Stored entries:
====================
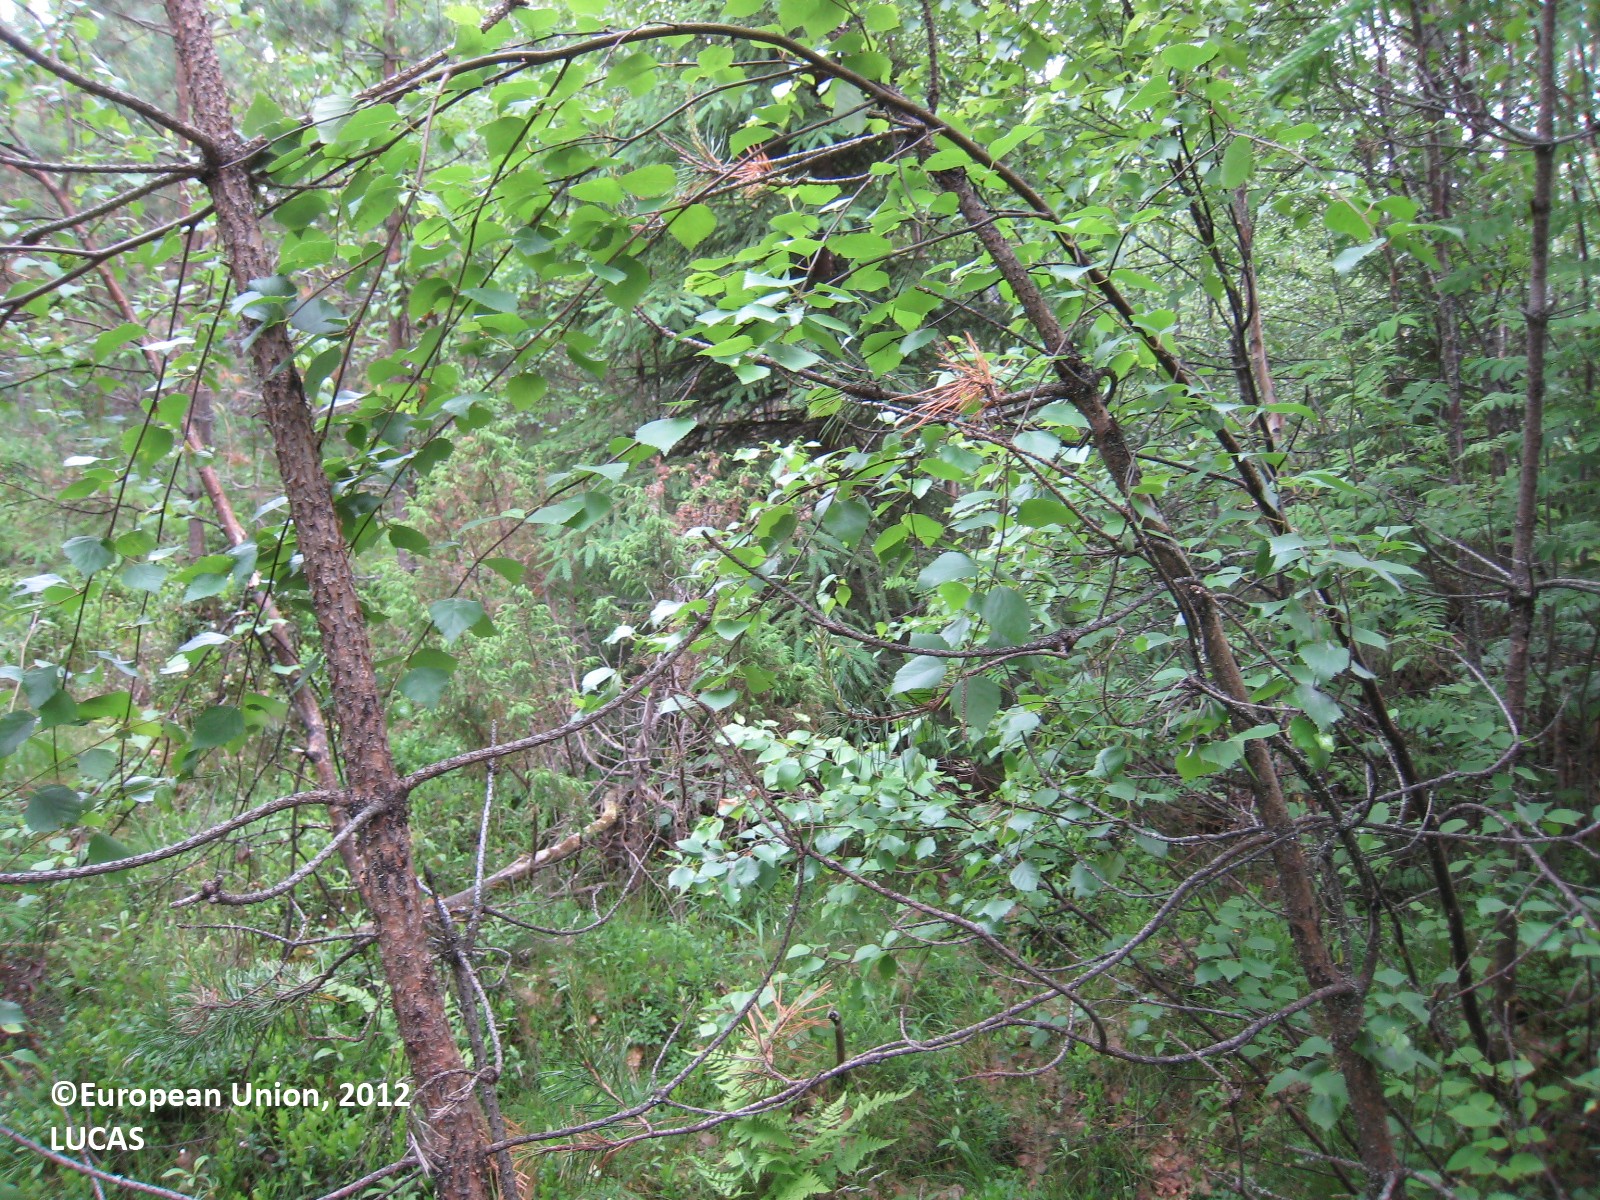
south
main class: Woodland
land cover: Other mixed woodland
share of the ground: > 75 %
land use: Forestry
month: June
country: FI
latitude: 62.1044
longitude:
====================
Pictures are to be left out; the records above must be repeated word for word.

◆ Solution:
south
main class: Woodland
land cover: Other mixed woodland
share of the ground: > 75 %
land use: Forestry
month: June
country: FI
latitude: 62.1044
longitude:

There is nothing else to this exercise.